> Work to be completed
Transcribe the data exactly, pictures excluded.

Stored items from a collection
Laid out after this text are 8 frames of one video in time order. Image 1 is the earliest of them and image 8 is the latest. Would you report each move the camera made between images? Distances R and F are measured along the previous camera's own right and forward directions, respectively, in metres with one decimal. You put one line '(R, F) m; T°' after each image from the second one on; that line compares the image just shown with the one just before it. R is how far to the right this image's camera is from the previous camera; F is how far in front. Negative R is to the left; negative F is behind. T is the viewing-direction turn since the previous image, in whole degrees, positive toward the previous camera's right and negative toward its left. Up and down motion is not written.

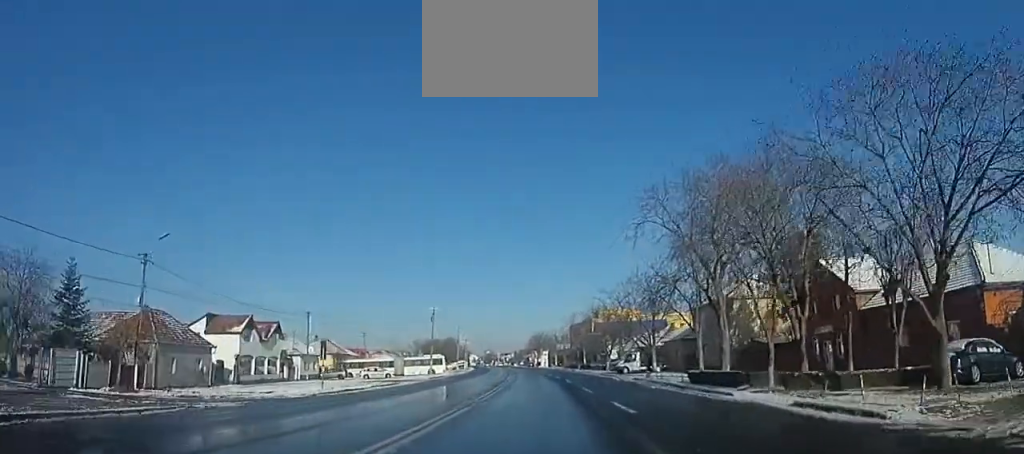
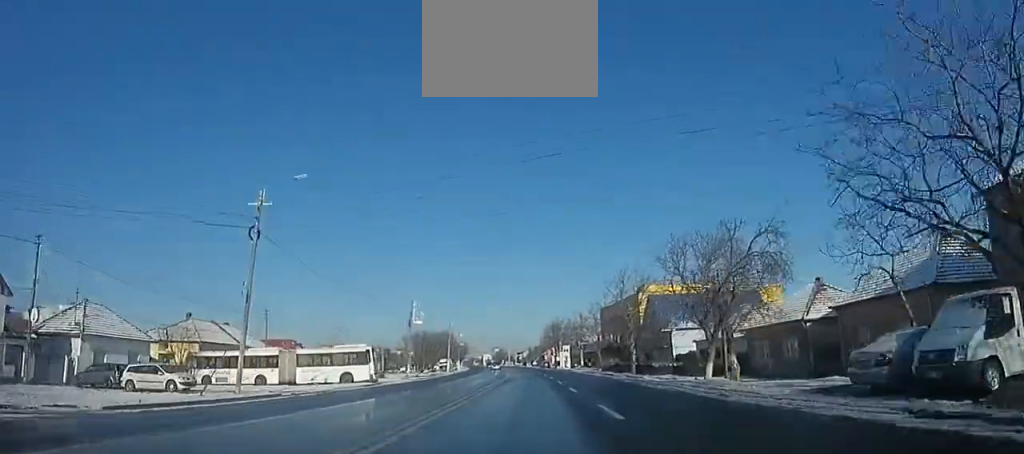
(-0.3, +48.4) m; -2°
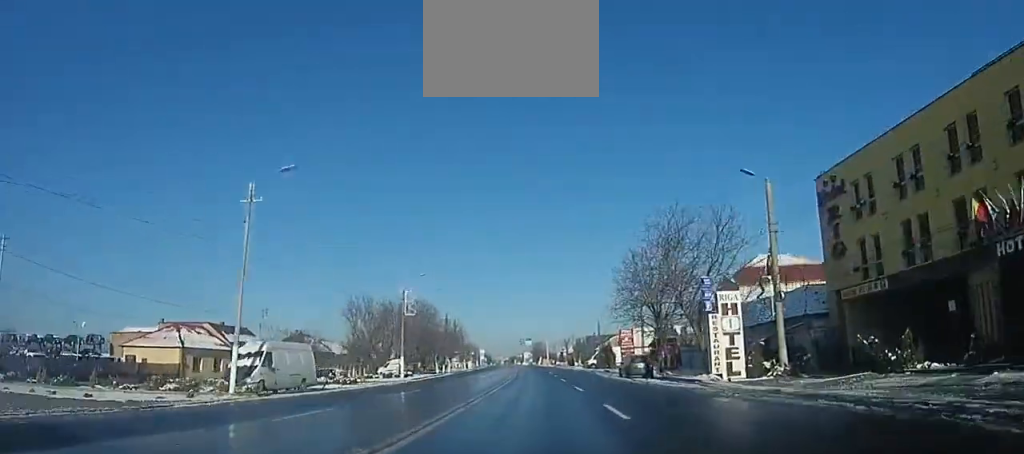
(-3.7, +58.8) m; -6°
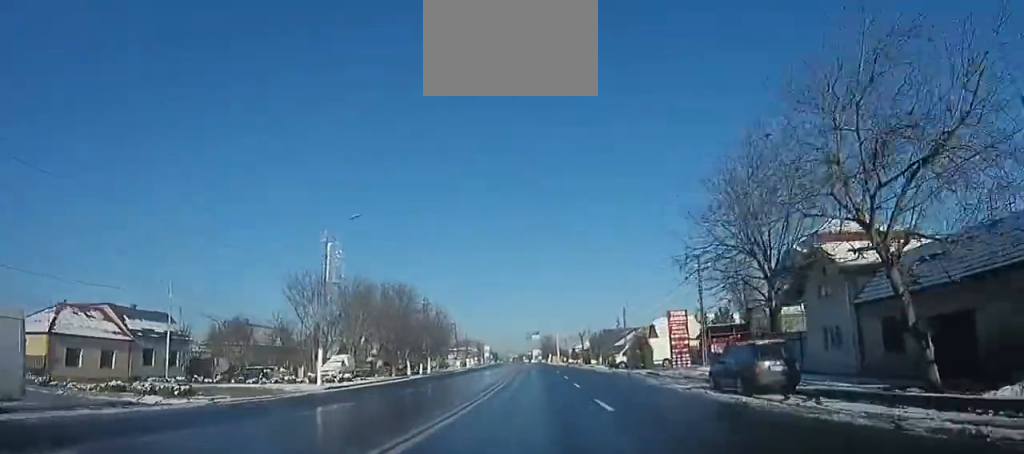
(-0.1, +15.5) m; 0°
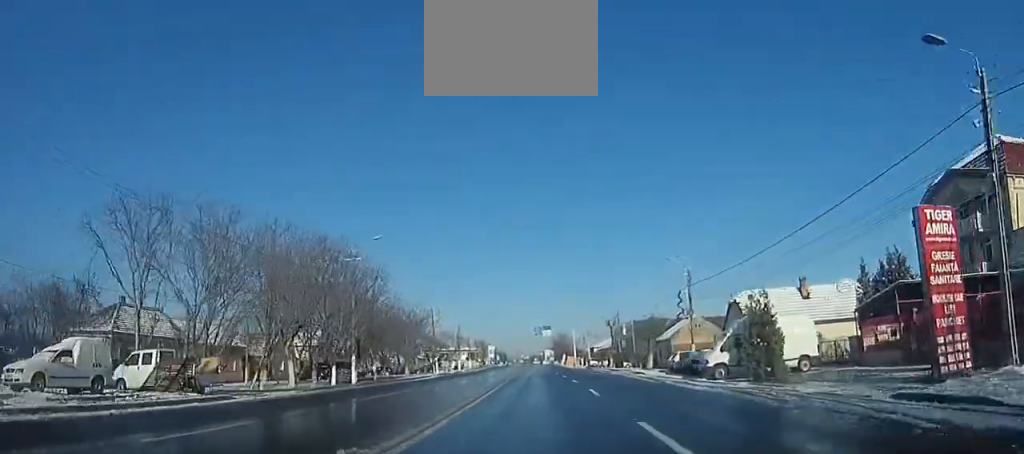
(0.0, +22.7) m; 0°
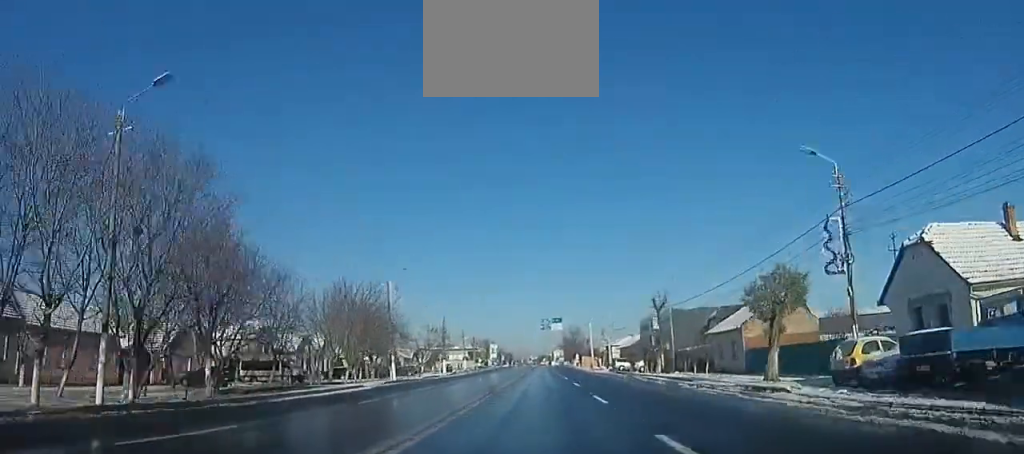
(0.0, +19.0) m; -1°
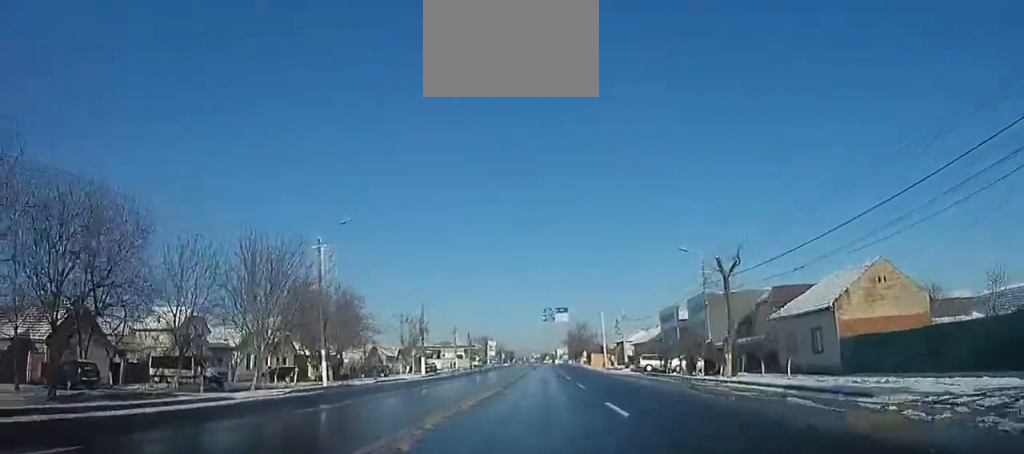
(+0.2, +12.8) m; -1°
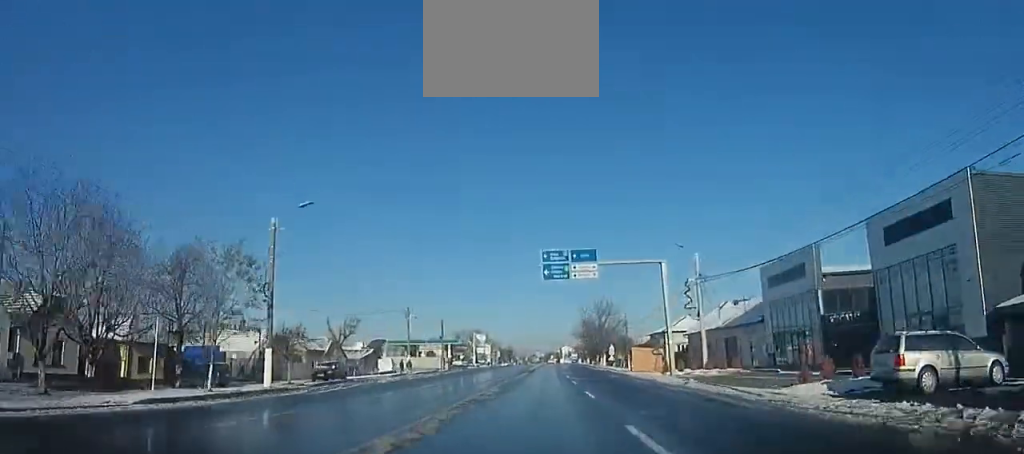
(-0.8, +31.5) m; -2°

> Solution to the exercise
Laid out after this text are 8 frames of one video in time order. Image 1 is the earliest of them and image 8 is the latest. Would you report each move the camera made between images? Distances R and F are measured along the previous camera's own right and forward directions, respectively, in metres with one decimal. You put one line '(R, F) m; T°' after each image from the second one on; that line compares the image just shown with the one just before it. R is how far to the right this image's camera is from the previous camera; F is how far in front. Negative R is to the left; negative F is behind. T is the viewing-direction turn since the previous image, in whole degrees, positive toward the previous camera's right and negative toward its left. Up and down motion is not written.

(-0.3, +48.4) m; -2°
(-3.7, +58.8) m; -6°
(-0.1, +15.5) m; 0°
(0.0, +22.7) m; 0°
(0.0, +19.0) m; -1°
(+0.2, +12.8) m; -1°
(-0.8, +31.5) m; -2°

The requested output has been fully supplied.